══ DATA SUPPLIED ══
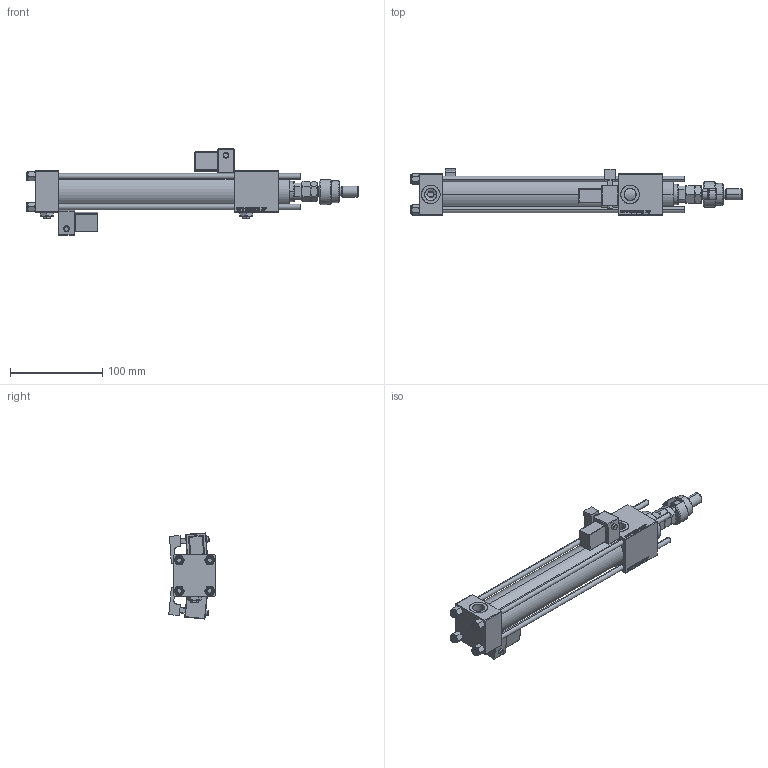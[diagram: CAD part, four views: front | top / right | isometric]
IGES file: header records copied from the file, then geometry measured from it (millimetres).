
Start section: SolidWorks IGES file using analytic representation for surfaces
Global section: file name: abd8.IGS; native system: SolidWorks 2019; preprocessor: SolidWorks 2019; author: Model3D; date: 220414.211903; units: millimetre
Bounding box: 359 x 50.4 x 93.13 mm (x, y, z)
Surface area: 148770.9 mm2 (no closed solid volume)
Topology: 0 solids, 0 shells, 1499 faces, 20780 edges, 20754 vertices
Faces by surface type: bspline 1096, revolution 403
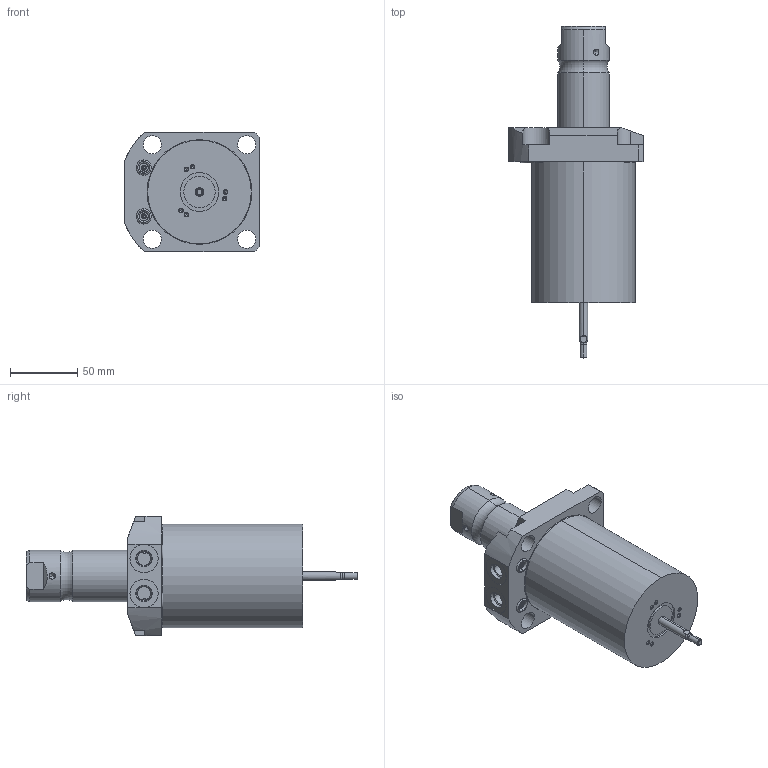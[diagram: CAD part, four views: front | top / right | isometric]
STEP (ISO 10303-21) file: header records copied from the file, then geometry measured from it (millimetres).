
FILE_DESCRIPTION((''),'2;1');
FILE_NAME('ILC14062105PR','2014-07-06T',('jdw'),(''),'PRO/ENGINEER BY PARAMETRIC TECHNOLOGY CORPORATION, 2013320','PRO/ENGINEER BY PARAMETRIC TECHNOLOGY CORPORATION, 2013320','');
FILE_SCHEMA(('AUTOMOTIVE_DESIGN { 1 0 10303 214 1 1 1 1 }'));
Length unit declared in the file: inch
Products named in the file (1): ILC14062105PR
Bounding box: 100 x 246.66 x 88.9 mm (x, y, z)
Volume: 750247.7 mm3; surface area: 64924.4 mm2
Topology: 3 solids, 10 shells, 197 faces, 491 edges, 304 vertices
Faces by surface type: cylinder 80, plane 53, cone 50, torus 14
Entity records: 7776 total; most frequent: CARTESIAN_POINT 1192, DIRECTION 1059, ORIENTED_EDGE 912, PRESENTATION_STYLE_ASSIGNMENT 502, STYLED_ITEM 481, CURVE_STYLE 471, EDGE_CURVE 471, AXIS2_PLACEMENT_3D 430
═══
» TASK DESCRIPTION:
A faithful copy of each entry is required, and no picture may be carried into it.

» ANSWER BOX:
[diagram: CAD part, four views: front | top / right | isometric]
IGES file: header records copied from the file, then geometry measured from it (millimetres).
Start section: SolidWorks IGES file using analytic representation for surfaces
Global section: file name: abd8.IGS; native system: SolidWorks 2019; preprocessor: SolidWorks 2019; author: Model3D; date: 220414.211903; units: millimetre
Bounding box: 359 x 50.4 x 93.13 mm (x, y, z)
Surface area: 148770.9 mm2 (no closed solid volume)
Topology: 0 solids, 0 shells, 1499 faces, 20780 edges, 20754 vertices
Faces by surface type: bspline 1096, revolution 403
[diagram: CAD part, four views: front | top / right | isometric]
STEP (ISO 10303-21) file: header records copied from the file, then geometry measured from it (millimetres).
FILE_DESCRIPTION((''),'2;1');
FILE_NAME('ILC14062105PR','2014-07-06T',('jdw'),(''),'PRO/ENGINEER BY PARAMETRIC TECHNOLOGY CORPORATION, 2013320','PRO/ENGINEER BY PARAMETRIC TECHNOLOGY CORPORATION, 2013320','');
FILE_SCHEMA(('AUTOMOTIVE_DESIGN { 1 0 10303 214 1 1 1 1 }'));
Length unit declared in the file: inch
Products named in the file (1): ILC14062105PR
Bounding box: 100 x 246.66 x 88.9 mm (x, y, z)
Volume: 750247.7 mm3; surface area: 64924.4 mm2
Topology: 3 solids, 10 shells, 197 faces, 491 edges, 304 vertices
Faces by surface type: cylinder 80, plane 53, cone 50, torus 14
Entity records: 7776 total; most frequent: CARTESIAN_POINT 1192, DIRECTION 1059, ORIENTED_EDGE 912, PRESENTATION_STYLE_ASSIGNMENT 502, STYLED_ITEM 481, CURVE_STYLE 471, EDGE_CURVE 471, AXIS2_PLACEMENT_3D 430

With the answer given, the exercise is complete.